***** PROVIDED ENTRIES *****

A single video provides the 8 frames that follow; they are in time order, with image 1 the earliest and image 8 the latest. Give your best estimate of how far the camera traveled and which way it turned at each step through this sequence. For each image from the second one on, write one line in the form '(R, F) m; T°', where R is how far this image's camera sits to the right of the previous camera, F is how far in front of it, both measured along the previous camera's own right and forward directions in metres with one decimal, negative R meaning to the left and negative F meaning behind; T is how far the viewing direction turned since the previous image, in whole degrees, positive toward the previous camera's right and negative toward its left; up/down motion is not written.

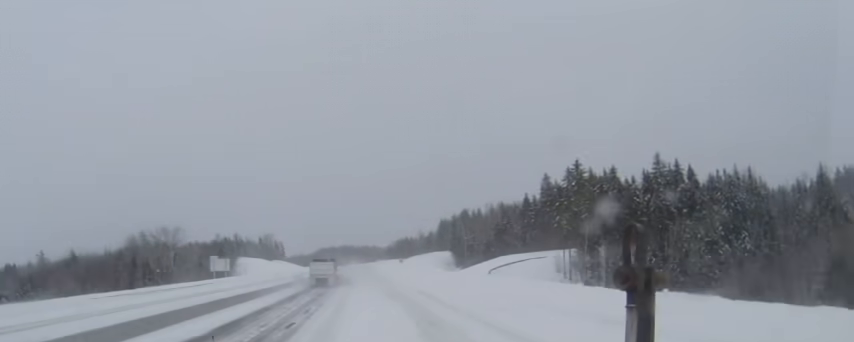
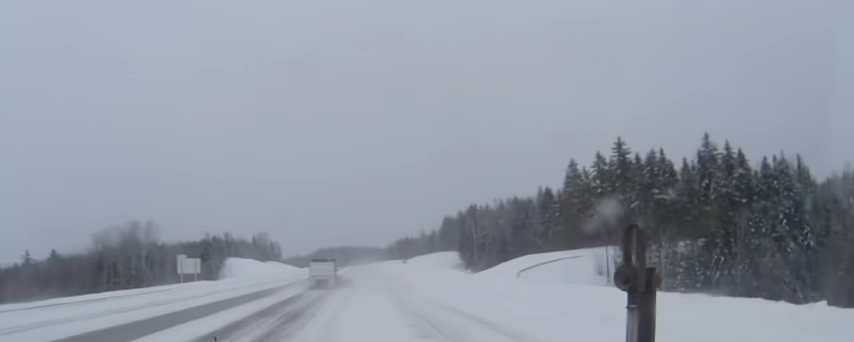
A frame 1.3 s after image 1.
(0.0, +20.8) m; 0°
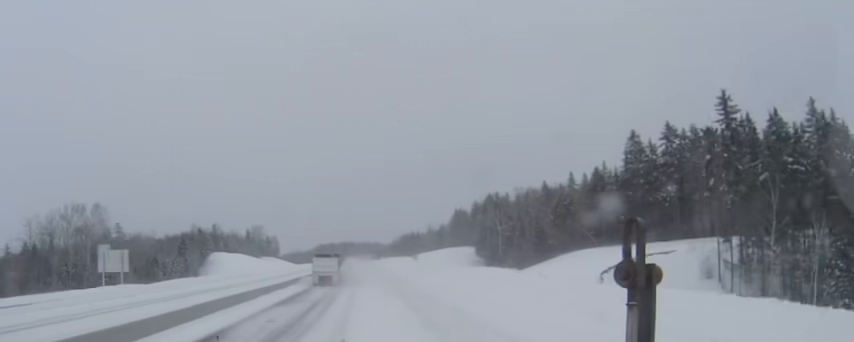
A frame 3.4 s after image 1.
(-0.1, +30.7) m; 0°
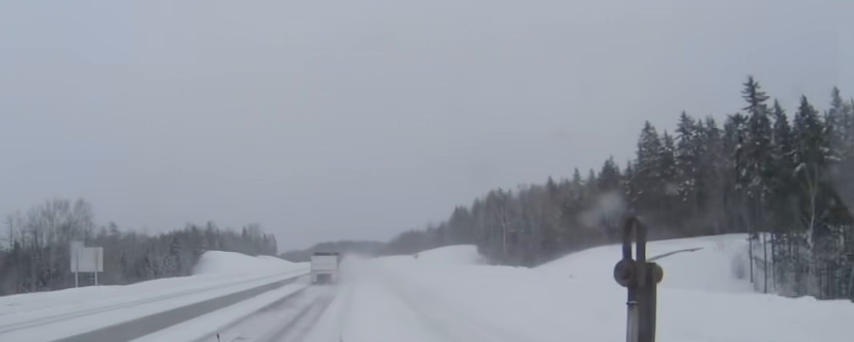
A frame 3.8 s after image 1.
(0.0, +6.5) m; 0°
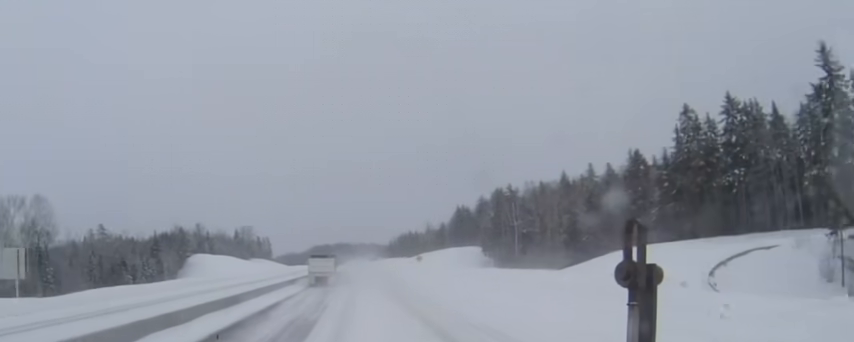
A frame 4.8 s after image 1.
(+0.1, +14.8) m; 0°
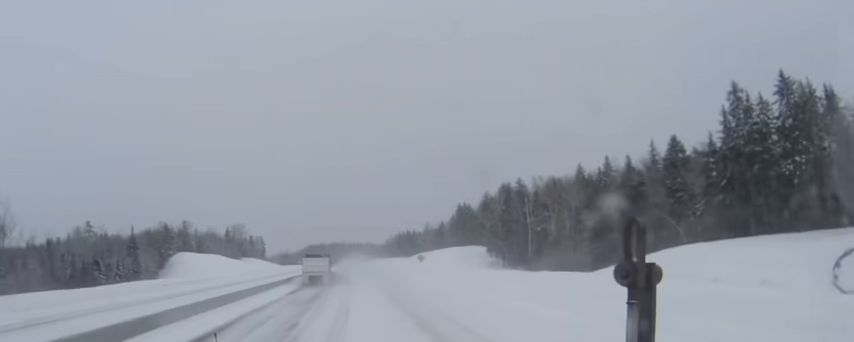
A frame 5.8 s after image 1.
(0.0, +14.5) m; 0°
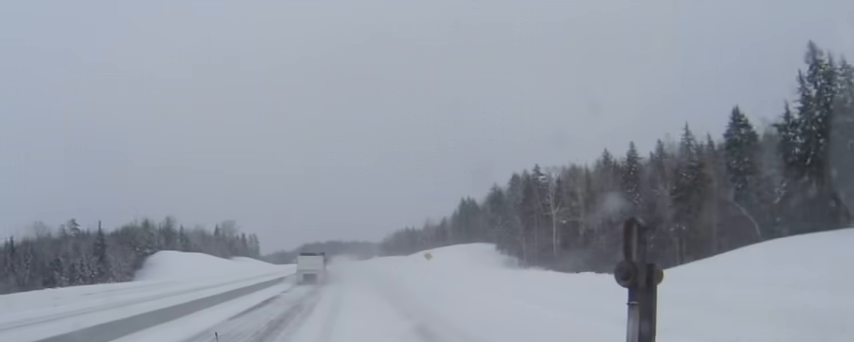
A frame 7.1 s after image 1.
(0.0, +18.1) m; 0°
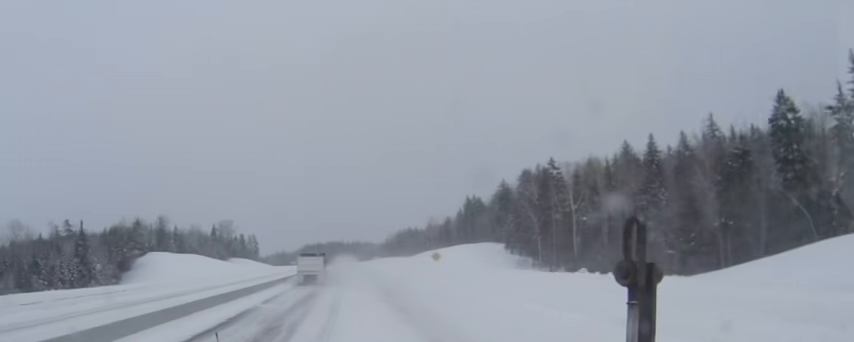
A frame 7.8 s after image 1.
(0.0, +9.9) m; 0°
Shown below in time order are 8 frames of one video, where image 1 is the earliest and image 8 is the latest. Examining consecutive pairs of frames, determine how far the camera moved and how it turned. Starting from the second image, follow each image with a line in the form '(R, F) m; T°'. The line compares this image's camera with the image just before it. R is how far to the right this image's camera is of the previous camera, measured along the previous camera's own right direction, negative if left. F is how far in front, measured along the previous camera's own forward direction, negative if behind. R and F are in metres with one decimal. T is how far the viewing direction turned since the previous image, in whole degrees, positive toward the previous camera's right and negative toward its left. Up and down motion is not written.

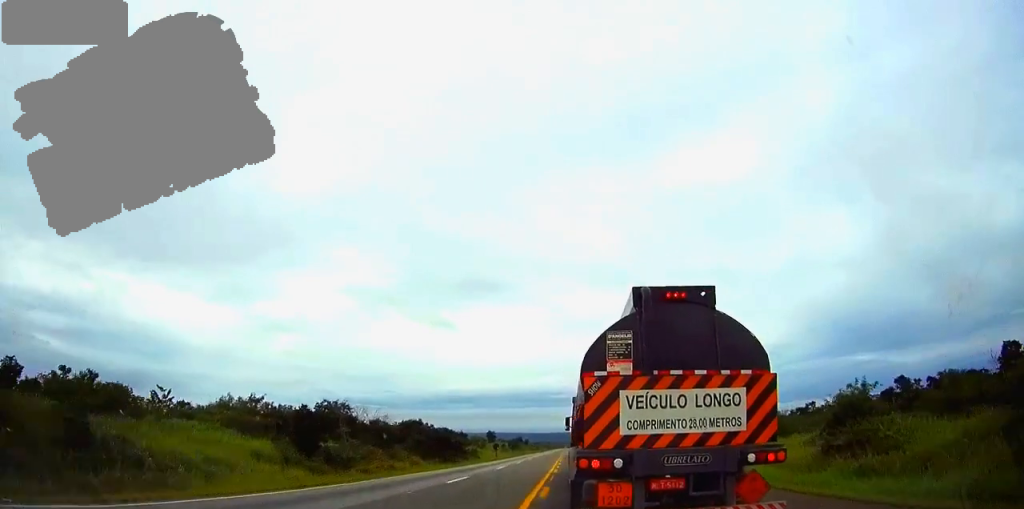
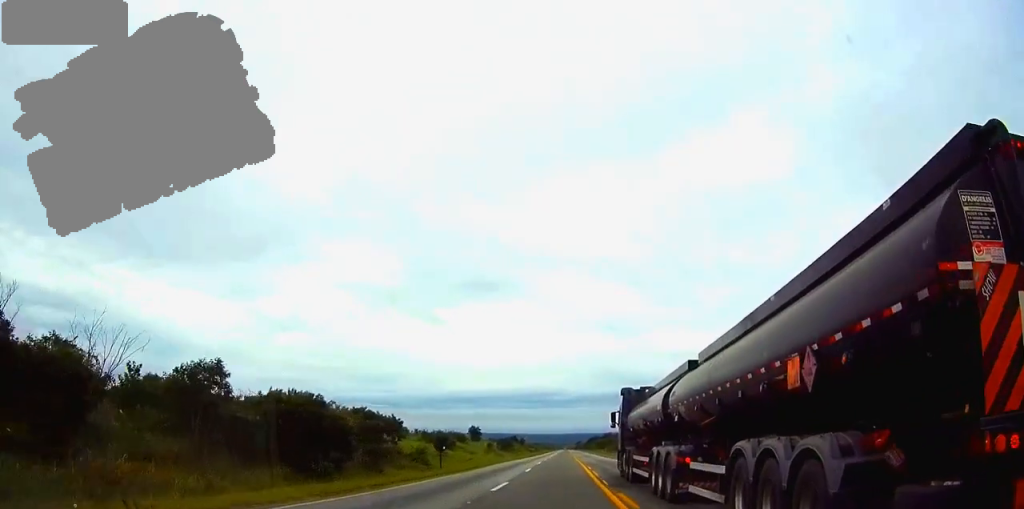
(-0.3, +52.8) m; 0°
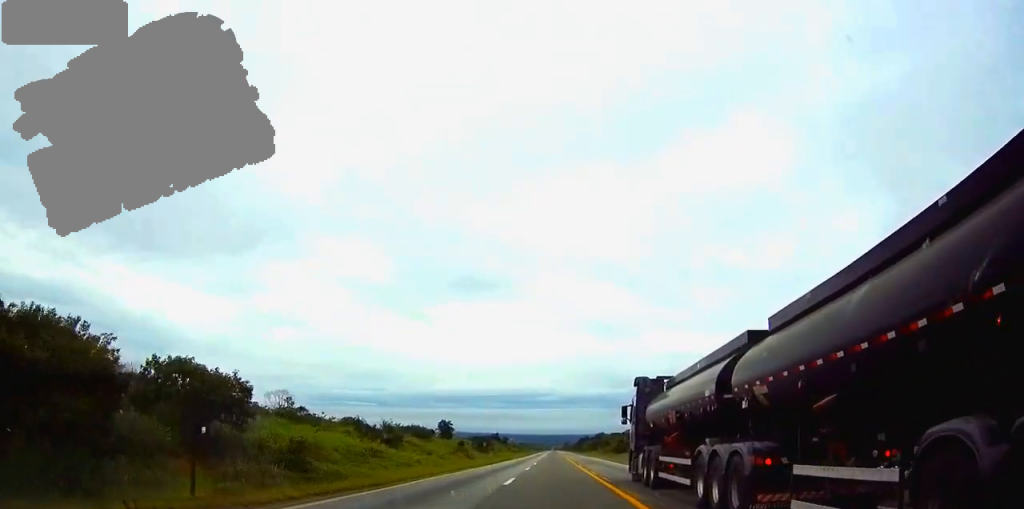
(+0.2, +31.2) m; +1°
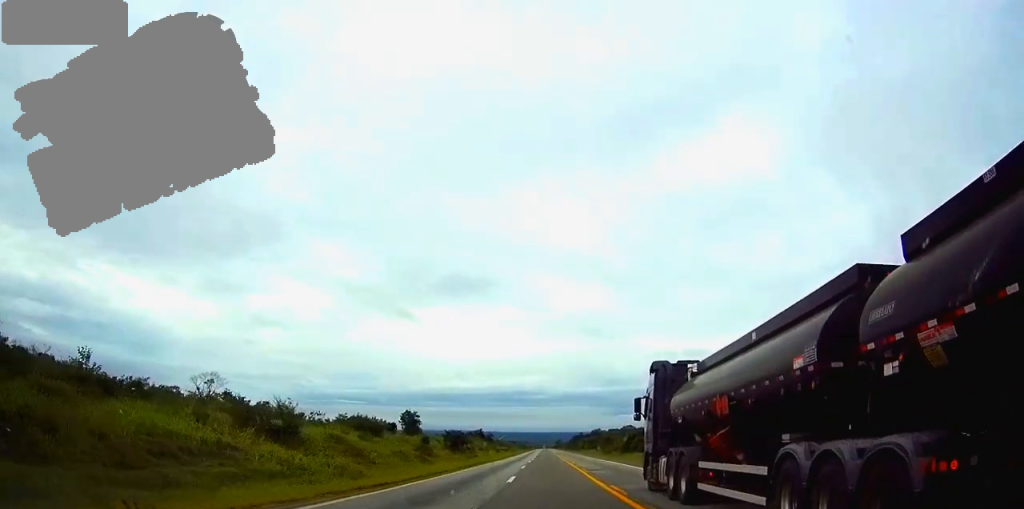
(+0.3, +30.2) m; +1°
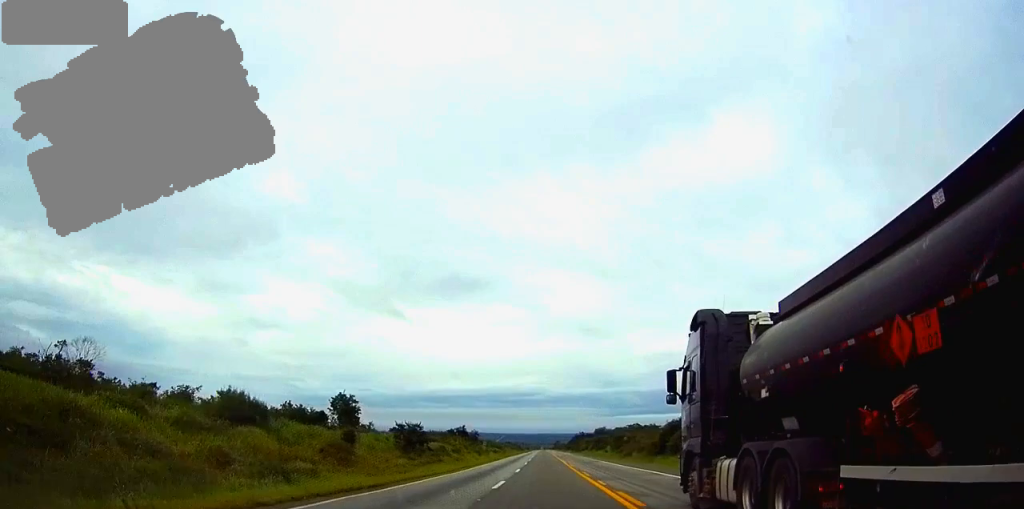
(0.0, +37.4) m; 0°
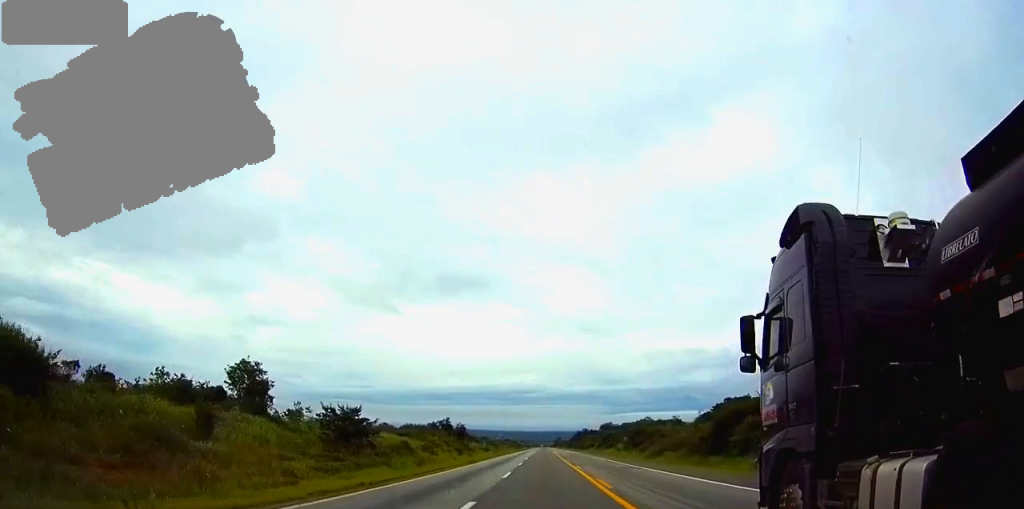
(0.0, +27.2) m; 0°
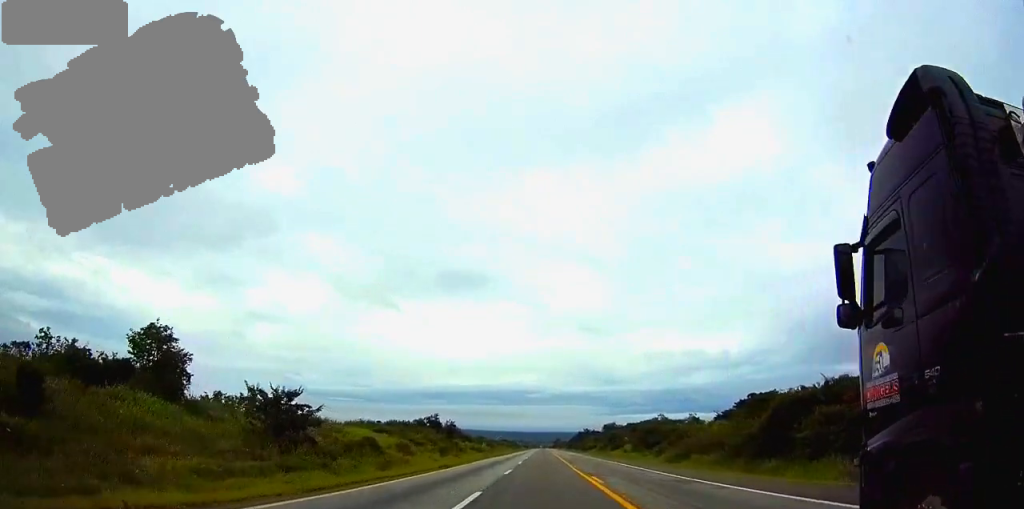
(0.0, +14.3) m; 0°
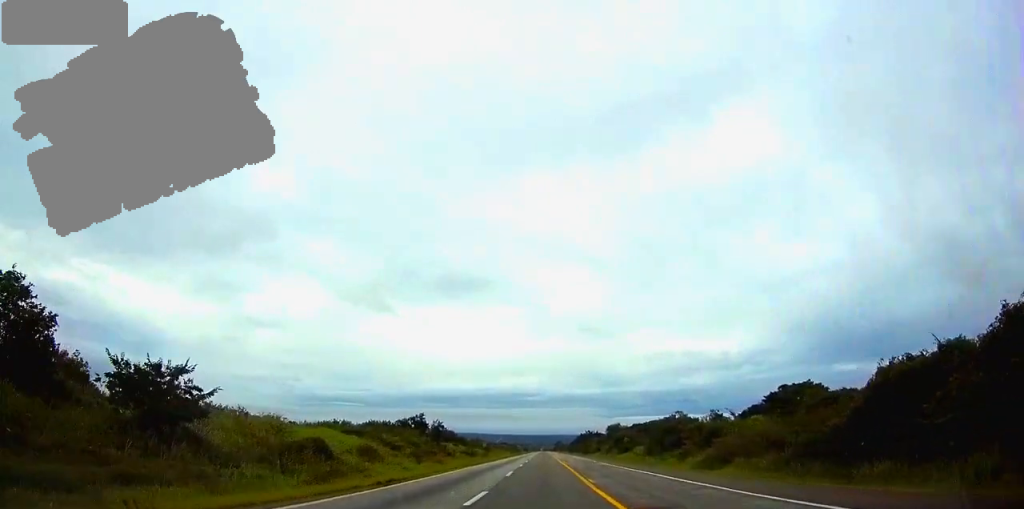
(0.0, +14.4) m; 0°

*****

**THE TASK**
All entries above must be printed again verbatim, with images excluded.

**RESPONSE TO THIS EXERCISE**
A single video provides the 8 frames that follow; they are in time order, with image 1 the earliest and image 8 the latest. Give your best estimate of how far the camera traveled and which way it turned at each step through this sequence. For each image from the second one on, write one line in the form '(R, F) m; T°', where R is how far this image's camera sits to the right of the previous camera, F is how far in front of it, both measured along the previous camera's own right and forward directions in metres with one decimal, negative R meaning to the left and negative F meaning behind; T is how far the viewing direction turned since the previous image, in whole degrees, positive toward the previous camera's right and negative toward its left; up/down motion is not written.

A frame 1.3 s after image 1.
(0.0, +20.8) m; 0°
A frame 3.4 s after image 1.
(-0.1, +30.7) m; 0°
A frame 3.8 s after image 1.
(0.0, +6.5) m; 0°
A frame 4.8 s after image 1.
(+0.1, +14.8) m; 0°
A frame 5.8 s after image 1.
(0.0, +14.5) m; 0°
A frame 7.1 s after image 1.
(0.0, +18.1) m; 0°
A frame 7.8 s after image 1.
(0.0, +9.9) m; 0°
Shown below in time order are 8 frames of one video, where image 1 is the earliest and image 8 is the latest. Examining consecutive pairs of frames, determine how far the camera moved and how it turned. Starting from the second image, follow each image with a line in the form '(R, F) m; T°'. The line compares this image's camera with the image just before it. R is how far to the right this image's camera is of the previous camera, measured along the previous camera's own right direction, negative if left. F is how far in front, measured along the previous camera's own forward direction, negative if behind. R and F are in metres with one decimal. T is how far the viewing direction turned since the previous image, in whole degrees, positive toward the previous camera's right and negative toward its left. Up and down motion is not written.

(-0.3, +52.8) m; 0°
(+0.2, +31.2) m; +1°
(+0.3, +30.2) m; +1°
(0.0, +37.4) m; 0°
(0.0, +27.2) m; 0°
(0.0, +14.3) m; 0°
(0.0, +14.4) m; 0°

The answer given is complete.